Exercise brief :: Omitting any pictures, transcribe the entries below exactly.

Records contained in a dataset:
· · ·

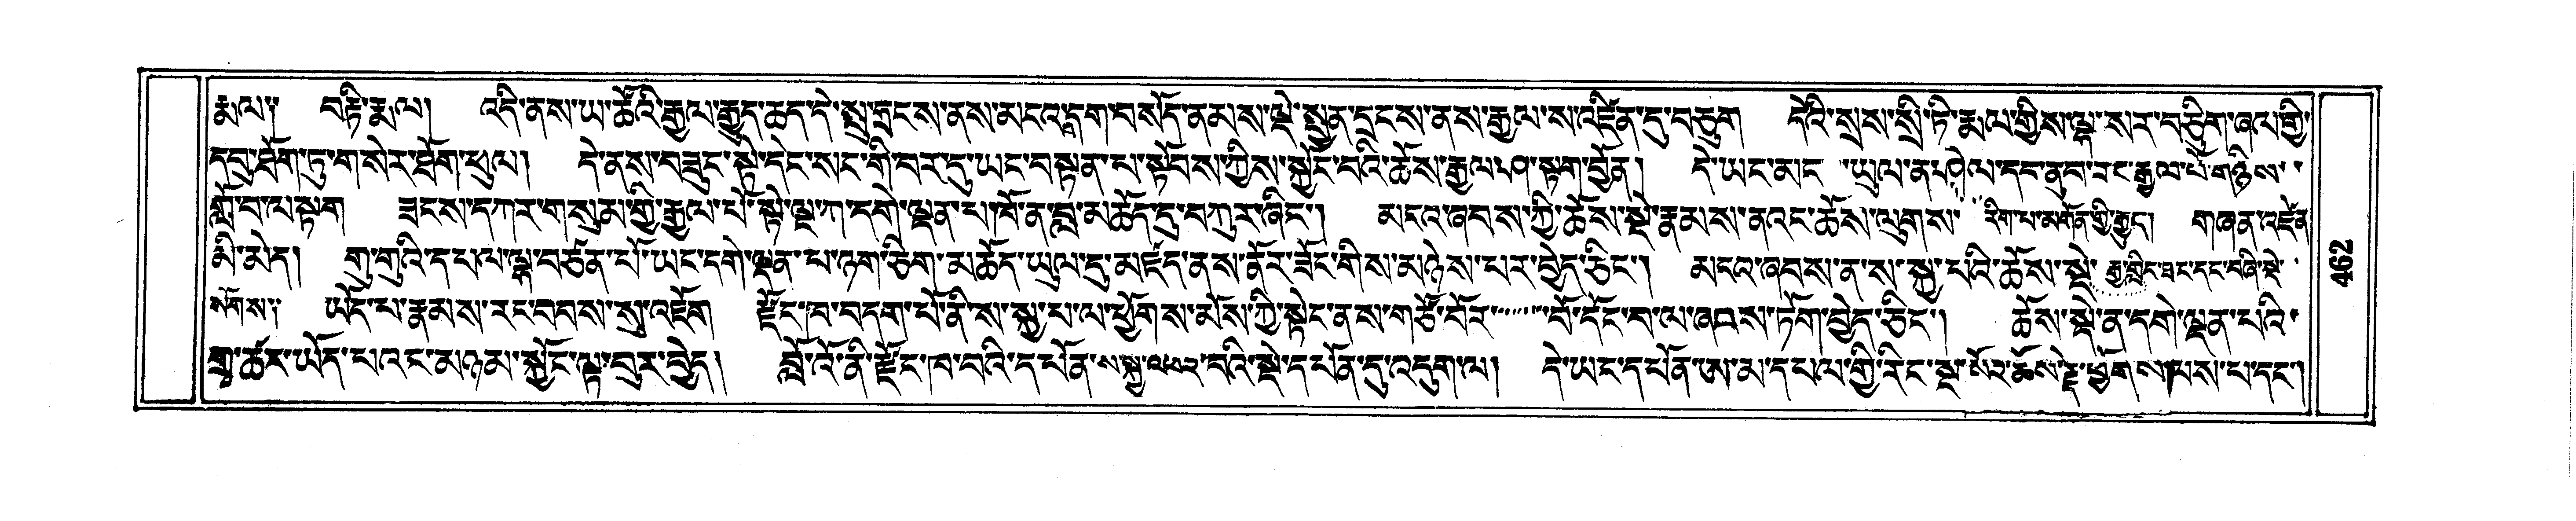རྨལ༑ བརྟི་རྨལ། འདི་ནས་ཡ་ཚོའི་རྒྱལ་རྒྱུད་ཆད་དེ་སྤུ་ཧྲངས་ནས་མངའ་བདག་བསོད་ནམས་ལྡེ་སྤྱན་དྲངས་ནས་རྒྱལ་ས་འཛིན་དུ་བཅུག་དེའི་སྲས་སྲི་ཏི་རྨལ་གྱིས་ལྷ་སར་བཅུཨིག་ཞལ་གྱི་དབུ་ཐོག་ཏུ་གསེར་ཐོག་ཕུལ། དེ་ནས་བཟུང་སྟེ་དེང་སང་གི་བར་དུ་ཡང་བསྟན་པ་སྟོབས་ཀྱིས་སྐྱོང་བའི་ཆོས་རྒྱལ་ཤ་སྟག་བྱོན། དེ་ཡང་མང་ཡུལ་ན་ཤེལ་དང་ནུབ་རང་རྒྱལ་པོ་གཉིས་
གློ་བ་ལ་སྟག་ཟངས་དཀར་གསུམ་གྱི་རྒྱལ་པོ་སྟེ་ལྔ་ཀ་དགེ་ལྡན་པ་ཁོ་ན་བླ་མཆོད་དུ་བཀུར་ཞིང་། མངའ་ཞབས་ཀྱི་ཆོས་སྡེ་རྣམས་ནའང་ཆོས་ལུགས་རིག་པ་མགོན་གྱི་རྒྱུད།  གཞན་འཛེན་
མི་མེད། གུ་གུའི་དཔལ་ལྷ་བཙན་པོ་ཡང་དགེ་ལྡན་པ་ཉག་ཅིག་མཆོད་ཡུལ་དུ་མཛད་ནས་ནོར་ཟོང་གིས་མཉེས་པར་བྱེད་ཅིང་། མངའ་ཞབས་ན་ས་སྐྱ་པའི་ཆོས་སྡེ་རྒྱ་གླིང་ཐང་དང་བཞི་སྡེ་
སོགས༑ ཡོད་པ་རྣམས་རང་བབས་སུ་འཇོག་རྫོང་ཁ་བདག་པོ་ནི་ས་སྐྱ་པ་ལ་ཕྱོགས་མོས་ཀྱི་སྟེང་ནས་གཙོ་བོར་བོ་དོང་བ་ལ་ཞབས་ཏོག་བྱེད་ཅིང་། ཆོས་སྡེ་ན་དགེ་ལྡན་པའི་
གྲྭ་ཚང་ཡོད་པའང་མཉམ་སྐྱོང་ལྟ་བུར་བྱེད། བློ་འོ་ནི་རྫོང་ཁ་བའི་དཔོན་ས་སྐྱ་འཕར་བའི་སྡེ་དཔོན་དུ་འདུག་ལ། དེ་ཡང་དཔོན་ཨ་མ་དཔལ་གྱི་རིང་སྔ་སོར་ཆོས་རྗེ་ཕྱོགས་ལས་པ་དང་།

· · ·

Result of the task ::
རྨལ༑ བརྟི་རྨལ། འདི་ནས་ཡ་ཚོའི་རྒྱལ་རྒྱུད་ཆད་དེ་སྤུ་ཧྲངས་ནས་མངའ་བདག་བསོད་ནམས་ལྡེ་སྤྱན་དྲངས་ནས་རྒྱལ་ས་འཛིན་དུ་བཅུག་དེའི་སྲས་སྲི་ཏི་རྨལ་གྱིས་ལྷ་སར་བཅུཨིག་ཞལ་གྱི་དབུ་ཐོག་ཏུ་གསེར་ཐོག་ཕུལ། དེ་ནས་བཟུང་སྟེ་དེང་སང་གི་བར་དུ་ཡང་བསྟན་པ་སྟོབས་ཀྱིས་སྐྱོང་བའི་ཆོས་རྒྱལ་ཤ་སྟག་བྱོན། དེ་ཡང་མང་ཡུལ་ན་ཤེལ་དང་ནུབ་རང་རྒྱལ་པོ་གཉིས་
གློ་བ་ལ་སྟག་ཟངས་དཀར་གསུམ་གྱི་རྒྱལ་པོ་སྟེ་ལྔ་ཀ་དགེ་ལྡན་པ་ཁོ་ན་བླ་མཆོད་དུ་བཀུར་ཞིང་། མངའ་ཞབས་ཀྱི་ཆོས་སྡེ་རྣམས་ནའང་ཆོས་ལུགས་རིག་པ་མགོན་གྱི་རྒྱུད།  གཞན་འཛེན་
མི་མེད། གུ་གུའི་དཔལ་ལྷ་བཙན་པོ་ཡང་དགེ་ལྡན་པ་ཉག་ཅིག་མཆོད་ཡུལ་དུ་མཛད་ནས་ནོར་ཟོང་གིས་མཉེས་པར་བྱེད་ཅིང་། མངའ་ཞབས་ན་ས་སྐྱ་པའི་ཆོས་སྡེ་རྒྱ་གླིང་ཐང་དང་བཞི་སྡེ་
སོགས༑ ཡོད་པ་རྣམས་རང་བབས་སུ་འཇོག་རྫོང་ཁ་བདག་པོ་ནི་ས་སྐྱ་པ་ལ་ཕྱོགས་མོས་ཀྱི་སྟེང་ནས་གཙོ་བོར་བོ་དོང་བ་ལ་ཞབས་ཏོག་བྱེད་ཅིང་། ཆོས་སྡེ་ན་དགེ་ལྡན་པའི་
གྲྭ་ཚང་ཡོད་པའང་མཉམ་སྐྱོང་ལྟ་བུར་བྱེད། བློ་འོ་ནི་རྫོང་ཁ་བའི་དཔོན་ས་སྐྱ་འཕར་བའི་སྡེ་དཔོན་དུ་འདུག་ལ། དེ་ཡང་དཔོན་ཨ་མ་དཔལ་གྱི་རིང་སྔ་སོར་ཆོས་རྗེ་ཕྱོགས་ལས་པ་དང་།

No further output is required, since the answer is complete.